● **Task**:
From the line with "and shall publish the data on" through the line with "identical or similar goods, or", inclusive, return each line of the data below exactly and leave the rest out.

● **Source records**:
╭──
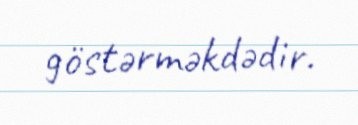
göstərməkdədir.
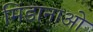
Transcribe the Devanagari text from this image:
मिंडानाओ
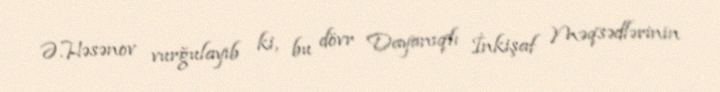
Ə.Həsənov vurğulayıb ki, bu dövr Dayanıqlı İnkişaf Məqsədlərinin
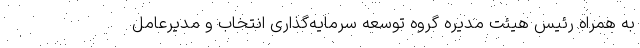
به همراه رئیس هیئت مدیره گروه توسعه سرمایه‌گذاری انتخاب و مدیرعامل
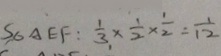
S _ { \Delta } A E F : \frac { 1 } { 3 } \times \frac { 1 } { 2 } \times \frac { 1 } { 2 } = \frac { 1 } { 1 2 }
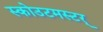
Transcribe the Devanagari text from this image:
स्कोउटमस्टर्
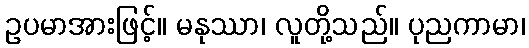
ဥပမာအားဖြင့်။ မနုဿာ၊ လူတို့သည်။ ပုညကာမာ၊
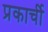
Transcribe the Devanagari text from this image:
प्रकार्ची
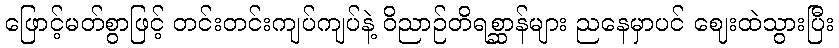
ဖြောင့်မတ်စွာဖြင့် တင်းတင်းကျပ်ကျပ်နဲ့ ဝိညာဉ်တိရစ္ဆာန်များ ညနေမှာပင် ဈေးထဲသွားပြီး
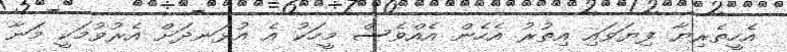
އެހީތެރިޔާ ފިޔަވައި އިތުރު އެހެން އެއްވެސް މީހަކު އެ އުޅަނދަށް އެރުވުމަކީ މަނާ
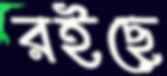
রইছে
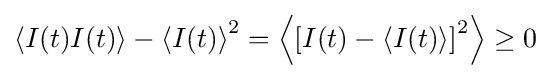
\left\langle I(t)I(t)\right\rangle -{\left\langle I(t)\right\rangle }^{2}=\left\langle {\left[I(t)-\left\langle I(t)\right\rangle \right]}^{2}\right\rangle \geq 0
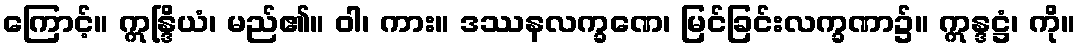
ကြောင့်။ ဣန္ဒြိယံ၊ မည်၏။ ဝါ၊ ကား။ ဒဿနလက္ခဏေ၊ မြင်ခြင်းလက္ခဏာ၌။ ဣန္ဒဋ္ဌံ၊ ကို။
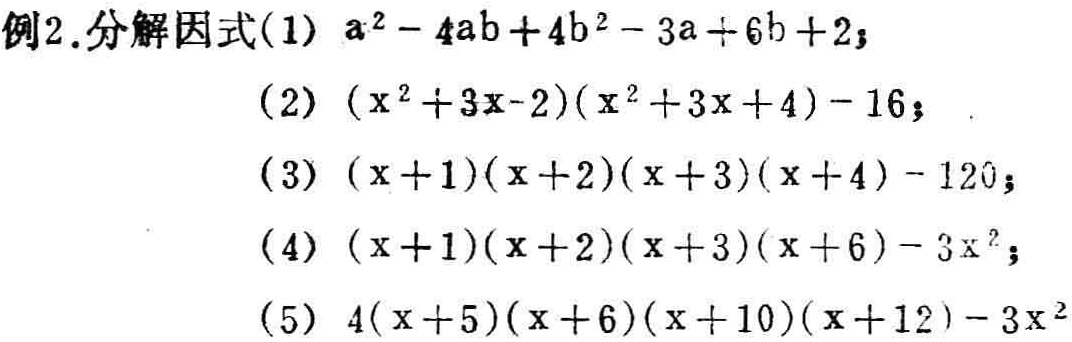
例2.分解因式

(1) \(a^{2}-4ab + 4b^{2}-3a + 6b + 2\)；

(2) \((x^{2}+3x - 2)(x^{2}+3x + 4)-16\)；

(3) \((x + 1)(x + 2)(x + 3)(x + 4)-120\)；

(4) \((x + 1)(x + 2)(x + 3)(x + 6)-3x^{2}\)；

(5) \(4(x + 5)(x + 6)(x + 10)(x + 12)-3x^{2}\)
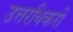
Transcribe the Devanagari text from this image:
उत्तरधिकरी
╰──
╭──
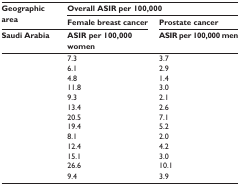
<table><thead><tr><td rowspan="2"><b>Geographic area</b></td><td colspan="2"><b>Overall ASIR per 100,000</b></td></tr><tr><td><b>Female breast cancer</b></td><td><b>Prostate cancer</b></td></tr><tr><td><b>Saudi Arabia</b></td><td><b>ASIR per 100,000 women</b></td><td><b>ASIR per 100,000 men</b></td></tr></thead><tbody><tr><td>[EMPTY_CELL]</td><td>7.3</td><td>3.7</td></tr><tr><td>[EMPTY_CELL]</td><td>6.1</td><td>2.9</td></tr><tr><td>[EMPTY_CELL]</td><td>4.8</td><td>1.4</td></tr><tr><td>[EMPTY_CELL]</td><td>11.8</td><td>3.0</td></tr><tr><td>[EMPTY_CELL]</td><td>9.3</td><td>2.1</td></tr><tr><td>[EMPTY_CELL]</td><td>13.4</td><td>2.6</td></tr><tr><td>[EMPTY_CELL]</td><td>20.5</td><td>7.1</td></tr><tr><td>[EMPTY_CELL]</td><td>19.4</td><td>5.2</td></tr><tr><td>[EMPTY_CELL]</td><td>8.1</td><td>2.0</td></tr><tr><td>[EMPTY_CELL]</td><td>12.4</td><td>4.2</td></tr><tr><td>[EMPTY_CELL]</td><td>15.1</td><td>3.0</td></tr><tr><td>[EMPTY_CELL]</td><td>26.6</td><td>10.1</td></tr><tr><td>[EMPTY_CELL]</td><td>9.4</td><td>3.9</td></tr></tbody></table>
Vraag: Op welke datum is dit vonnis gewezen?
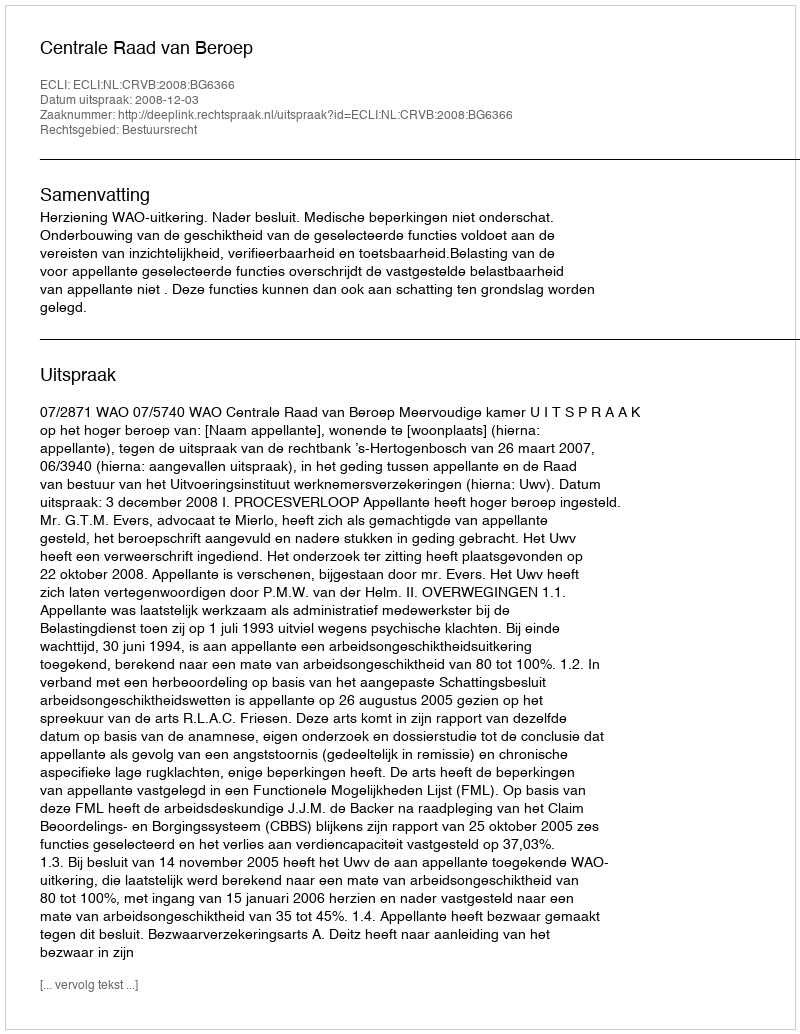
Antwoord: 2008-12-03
╰──
╭──
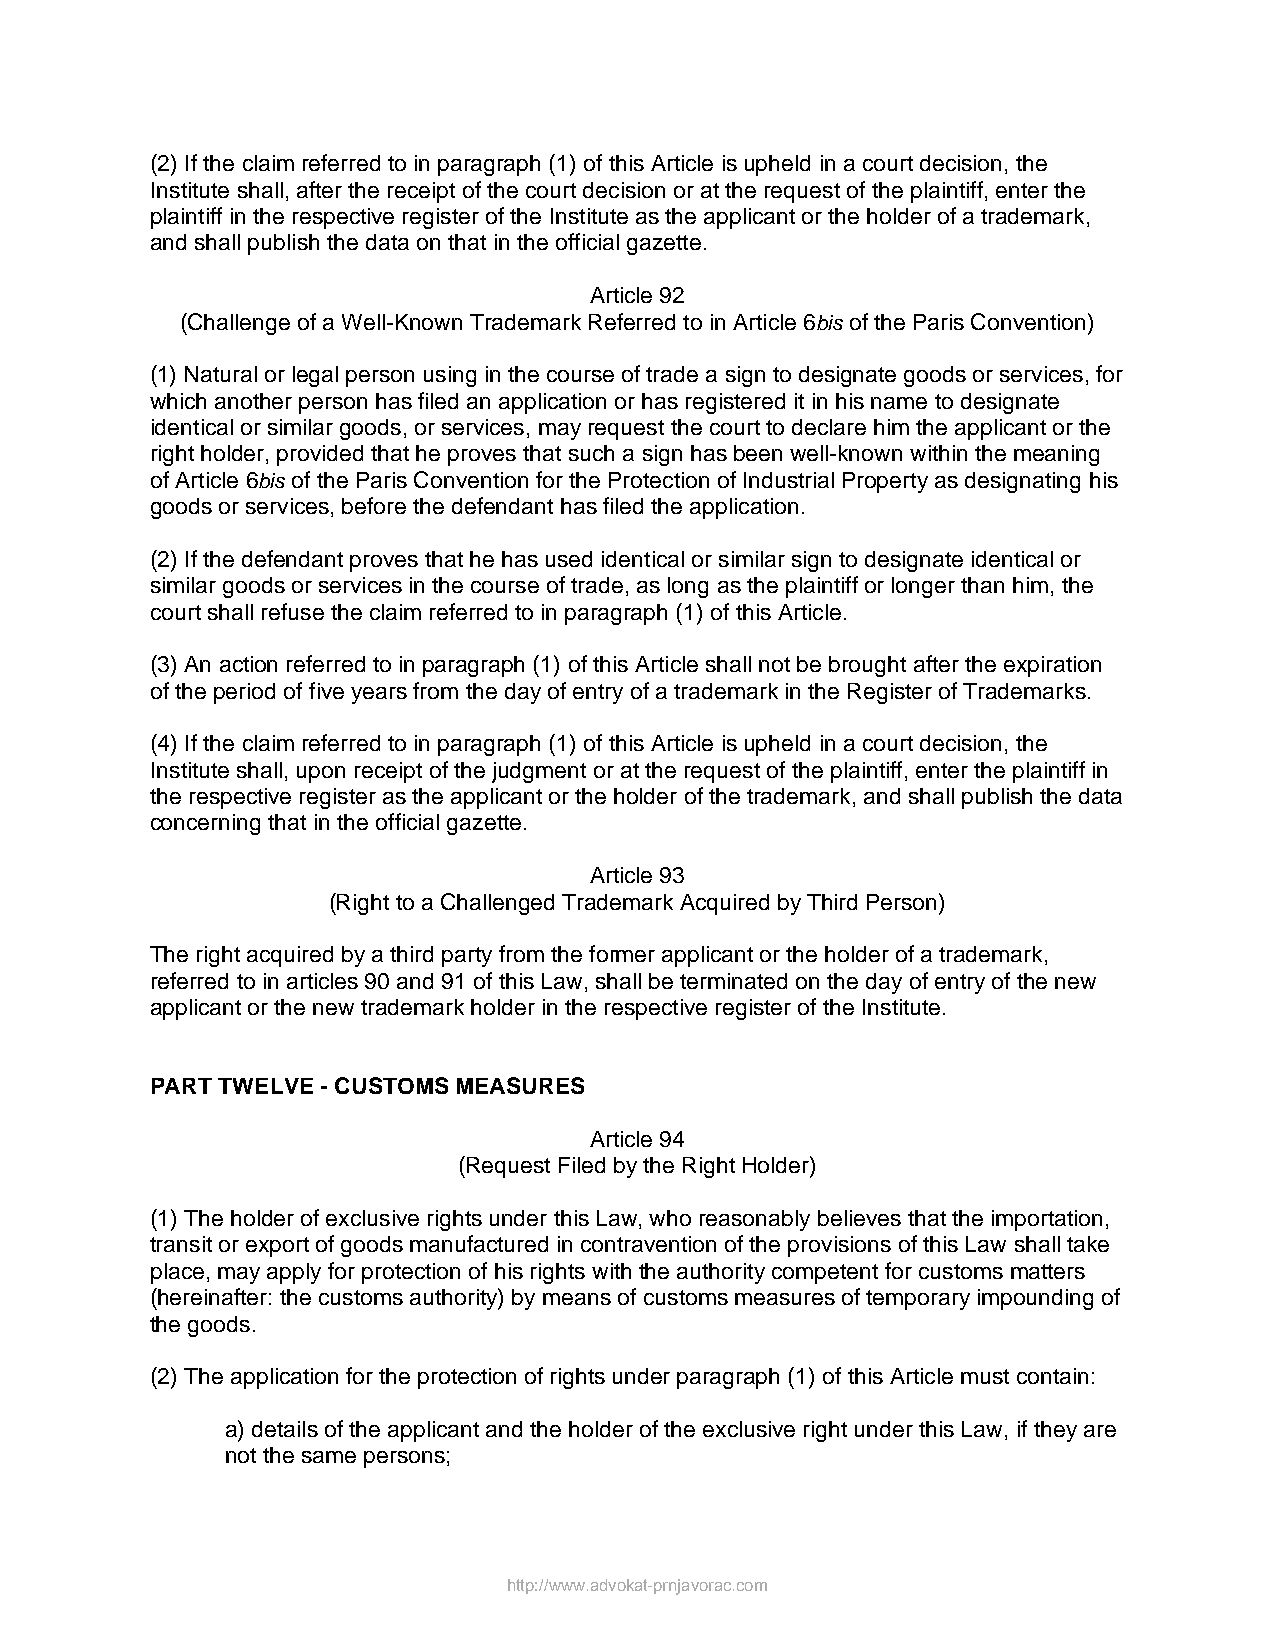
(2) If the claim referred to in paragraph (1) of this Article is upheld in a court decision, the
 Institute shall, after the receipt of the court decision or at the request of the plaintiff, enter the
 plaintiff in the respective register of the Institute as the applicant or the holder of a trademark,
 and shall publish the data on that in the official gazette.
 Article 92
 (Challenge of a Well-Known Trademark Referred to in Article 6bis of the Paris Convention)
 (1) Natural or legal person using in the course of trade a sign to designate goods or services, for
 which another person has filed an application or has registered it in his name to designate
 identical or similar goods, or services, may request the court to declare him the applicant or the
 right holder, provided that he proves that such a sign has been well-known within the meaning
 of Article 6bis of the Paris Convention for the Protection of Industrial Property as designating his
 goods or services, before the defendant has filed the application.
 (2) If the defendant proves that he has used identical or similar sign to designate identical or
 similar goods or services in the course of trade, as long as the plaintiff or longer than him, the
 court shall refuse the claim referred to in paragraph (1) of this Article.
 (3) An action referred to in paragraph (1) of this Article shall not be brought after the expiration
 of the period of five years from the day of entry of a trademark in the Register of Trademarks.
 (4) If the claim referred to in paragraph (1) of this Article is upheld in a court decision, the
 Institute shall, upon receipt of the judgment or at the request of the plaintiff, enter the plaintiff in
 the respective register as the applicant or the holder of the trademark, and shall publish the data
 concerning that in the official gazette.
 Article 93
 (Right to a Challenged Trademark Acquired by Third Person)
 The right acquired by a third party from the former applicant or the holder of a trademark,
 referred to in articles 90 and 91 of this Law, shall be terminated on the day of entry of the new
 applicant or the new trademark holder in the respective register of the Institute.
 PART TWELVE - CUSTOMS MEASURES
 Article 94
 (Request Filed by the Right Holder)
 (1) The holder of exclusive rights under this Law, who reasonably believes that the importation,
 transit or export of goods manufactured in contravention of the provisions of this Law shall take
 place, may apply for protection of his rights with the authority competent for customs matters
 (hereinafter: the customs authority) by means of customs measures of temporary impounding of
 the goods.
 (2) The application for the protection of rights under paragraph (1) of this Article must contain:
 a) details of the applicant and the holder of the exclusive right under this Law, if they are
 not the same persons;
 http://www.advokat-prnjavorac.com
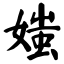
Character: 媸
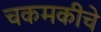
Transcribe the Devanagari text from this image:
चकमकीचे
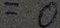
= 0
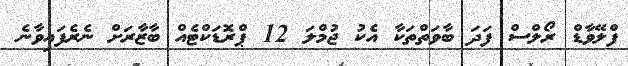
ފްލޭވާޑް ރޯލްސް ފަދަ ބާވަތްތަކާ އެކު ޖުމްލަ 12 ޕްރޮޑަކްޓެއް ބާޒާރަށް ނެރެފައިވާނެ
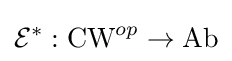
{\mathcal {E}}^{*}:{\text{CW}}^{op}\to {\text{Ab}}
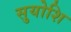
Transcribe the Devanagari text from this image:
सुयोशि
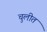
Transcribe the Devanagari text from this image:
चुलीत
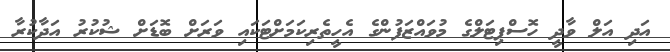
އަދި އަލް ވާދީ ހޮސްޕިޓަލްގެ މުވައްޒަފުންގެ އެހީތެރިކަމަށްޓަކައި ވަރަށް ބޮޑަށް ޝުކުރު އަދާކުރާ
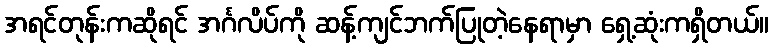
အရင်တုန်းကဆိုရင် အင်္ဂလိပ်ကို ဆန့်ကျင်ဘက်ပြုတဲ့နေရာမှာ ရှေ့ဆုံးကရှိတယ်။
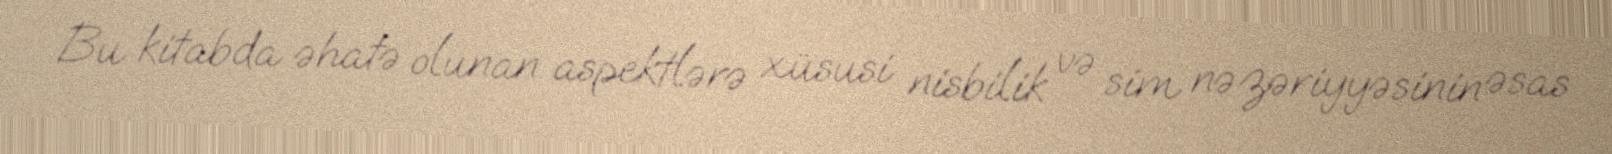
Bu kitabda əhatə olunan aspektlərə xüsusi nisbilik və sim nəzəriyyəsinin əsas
╰──
● **Written solution**:
 and shall publish the data on that in the official gazette.
 Article 92
 (Challenge of a Well-Known Trademark Referred to in Article 6bis of the Paris Convention)
 (1) Natural or legal person using in the course of trade a sign to designate goods or services, for
 which another person has filed an application or has registered it in his name to designate
 identical or similar goods, or services, may request the court to declare him the applicant or the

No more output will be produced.